This is part 3 of our ultimate guide to FinOps blog series. In part 1 we defined FinOps, traced its evolution, identified the reasons that have given rise to it and provided an in-depth review of FinOps functions. Part 2 took a deep dive into FinOps domains and roles, reviewed the main responsibilities of those domains and identified the current organizational roles that are candidates for inclusion in FinOps teams.
In this instalment of the ultimate guide to FinOps, we will review the core principles of FinOps.
The core principles of FinOps serve as a foundation for every good FinOps practice. It is important for organizations to consider these principles when building out their FinOps practices and processes in order to ensure a robust FinOps practice.
FinOps practices built using these principles will allow the business to improve transparency and accountability for cloud costs as well as effectively manage those costs. It will also allow the organization to pivot to a unit economics model of cloud costing, enabling them to improve business agility, invest in innovation and gain a competitive advantage.

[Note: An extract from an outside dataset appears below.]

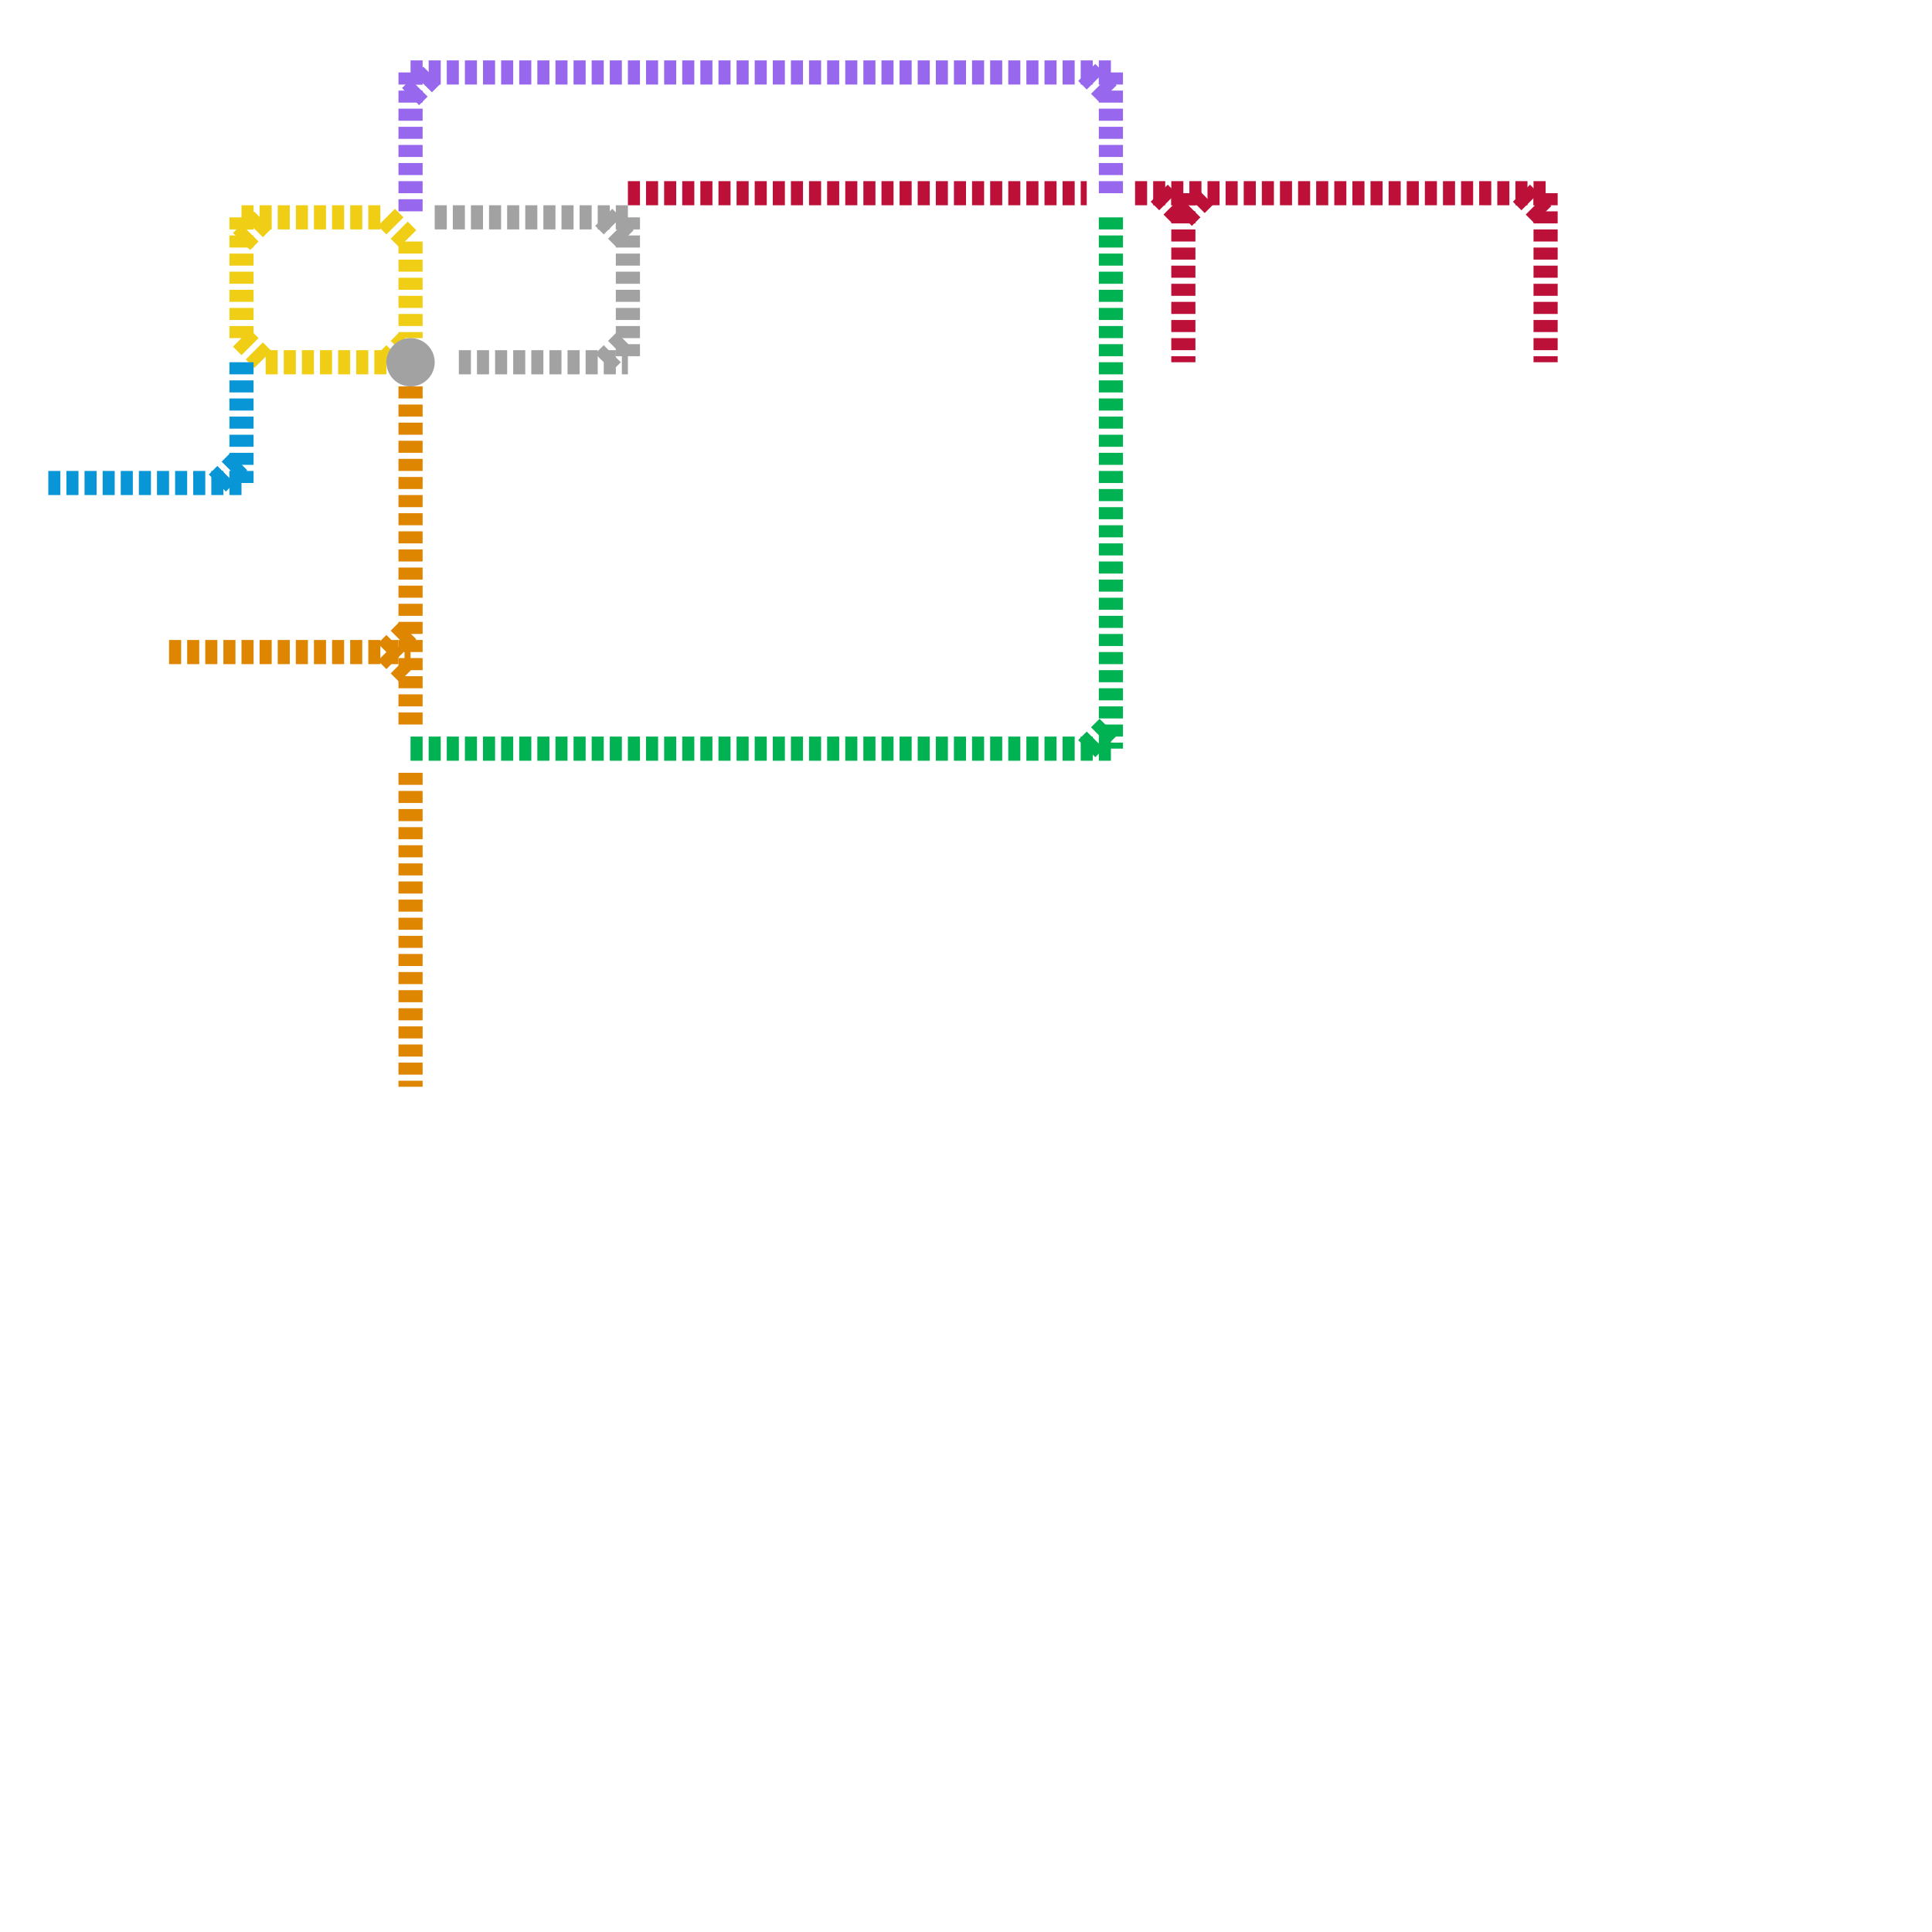 
<svg version="1.1" xmlns="http://www.w3.org/2000/svg" viewBox="0 0 80 80">
<style>text { font: 1px Helvetica; font-weight: 600; white-space: pre; dominant-baseline: central; } line { stroke-width: 1; fill: none; stroke-linecap: round; stroke-linejoin: round; } .c0 { stroke: #f0ce15 } .c1 { stroke: #df8600 } .c2 { stroke: #00b251 } .c3 { stroke: #a2a2a2 } .c4 { stroke: #bd1038 } .c5 { stroke: #0896d7 } .c6 { stroke: #9768ee } .w1 { stroke-width: 1; }.l3 { stroke-dasharray: .5 .25; stroke-linecap: butt; }</style><defs><g id="wm-xf"><circle r="1.2" fill="#000"/><circle r="0.9" fill="#fff"/><circle r="0.6" fill="#000"/><circle r="0.3" fill="#fff"/></g><g id="wm"><circle r="0.6" fill="#000"/><circle r="0.3" fill="#fff"/></g></defs><line class="c0 l3" x1="17" y1="10" x2="17" y2="14"/><line class="c0 l3" x1="10" y1="10" x2="11" y2="9"/><line class="c0 l3" x1="10" y1="9" x2="10" y2="14"/><line class="c0 l3" x1="16" y1="15" x2="17" y2="14"/><line class="c0 l3" x1="16" y1="9" x2="17" y2="10"/><line class="c0 l3" x1="10" y1="14" x2="11" y2="15"/><line class="c0 l3" x1="11" y1="15" x2="16" y2="15"/><line class="c0 l3" x1="10" y1="9" x2="16" y2="9"/><line class="c1 l3" x1="16" y1="27" x2="17" y2="26"/><line class="c1 l3" x1="17" y1="32" x2="17" y2="45"/><line class="c1 l3" x1="16" y1="27" x2="17" y2="28"/><line class="c1 l3" x1="7" y1="27" x2="17" y2="27"/><line class="c1 l3" x1="17" y1="16" x2="17" y2="30"/><line class="c2 l3" x1="46" y1="9" x2="46" y2="31"/><line class="c2 l3" x1="17" y1="31" x2="46" y2="31"/><line class="c2 l3" x1="45" y1="31" x2="46" y2="30"/><line class="c3 l3" x1="25" y1="9" x2="26" y2="10"/><line class="c3 l3" x1="26" y1="9" x2="26" y2="15"/><line class="c3 l3" x1="18" y1="9" x2="26" y2="9"/><line class="c3 l3" x1="19" y1="15" x2="26" y2="15"/><line class="c3 l3" x1="25" y1="15" x2="26" y2="14"/><circle cx="17" cy="15" r="1" fill="#a2a2a2" /><line class="c4 l3" x1="26" y1="8" x2="45" y2="8"/><line class="c4 l3" x1="47" y1="8" x2="64" y2="8"/><line class="c4 l3" x1="49" y1="9" x2="50" y2="8"/><line class="c4 l3" x1="64" y1="8" x2="64" y2="15"/><line class="c4 l3" x1="49" y1="8" x2="49" y2="15"/><line class="c4 l3" x1="63" y1="8" x2="64" y2="9"/><line class="c4 l3" x1="48" y1="8" x2="49" y2="9"/><line class="c5 l3" x1="10" y1="15" x2="10" y2="20"/><line class="c5 l3" x1="2" y1="20" x2="10" y2="20"/><line class="c5 l3" x1="9" y1="20" x2="10" y2="19"/><line class="c6 l3" x1="17" y1="4" x2="18" y2="3"/><line class="c6 l3" x1="46" y1="3" x2="46" y2="8"/><line class="c6 l3" x1="17" y1="3" x2="46" y2="3"/><line class="c6 l3" x1="17" y1="3" x2="17" y2="9"/><line class="c6 l3" x1="45" y1="3" x2="46" y2="4"/>
</svg>

There are six of these core principles that organizations can use as a baseline to develop their FinOps practice. Below we review each one individually:
Collaboration is a key tenet of FinOps. This collaboration needs to cut across organizational domains to include engineering, finance, procurement and executives. Each of these domains need to collaborate in near real-time to ensure the FinOps process yields positive results.
Establishing seamless and robust communication channels is key to this principle. Also essential is the availability of detailed costing and efficiency reports that are relevant to the motivations of the various stakeholders.
Given these prerequisites teams can collaborate to institute an iterative process for improving efficiency, investing in innovation a<nd driving accountability.
Viewing cloud costs as a driver of business value rather than as out-of-context isolated operating expenses, is one of the most fundamental shifts required by FinOps. For this to happen organizations need to pivot to a new model of cloud cost analysis; one which correlates cloud costs to business value.
The FinOps foundation calls this unit economics and identifies it as one of the most important concepts in FinOps. According to the FinOps foundation, a unit economics model involves assessing cloud costs against business metrics. Organizations can choose from several business metrics relevant to their business model including revenue, shipments, users, subscribers, customers, etc.
Instituting a unit economics model requires FinOps teams to decide on a list of business metrics. This needs to be a collaborative process with input from multiple organizational domains. They also need to institute FinOps processes and practices including tagging, cost allocation, chargeback and showback.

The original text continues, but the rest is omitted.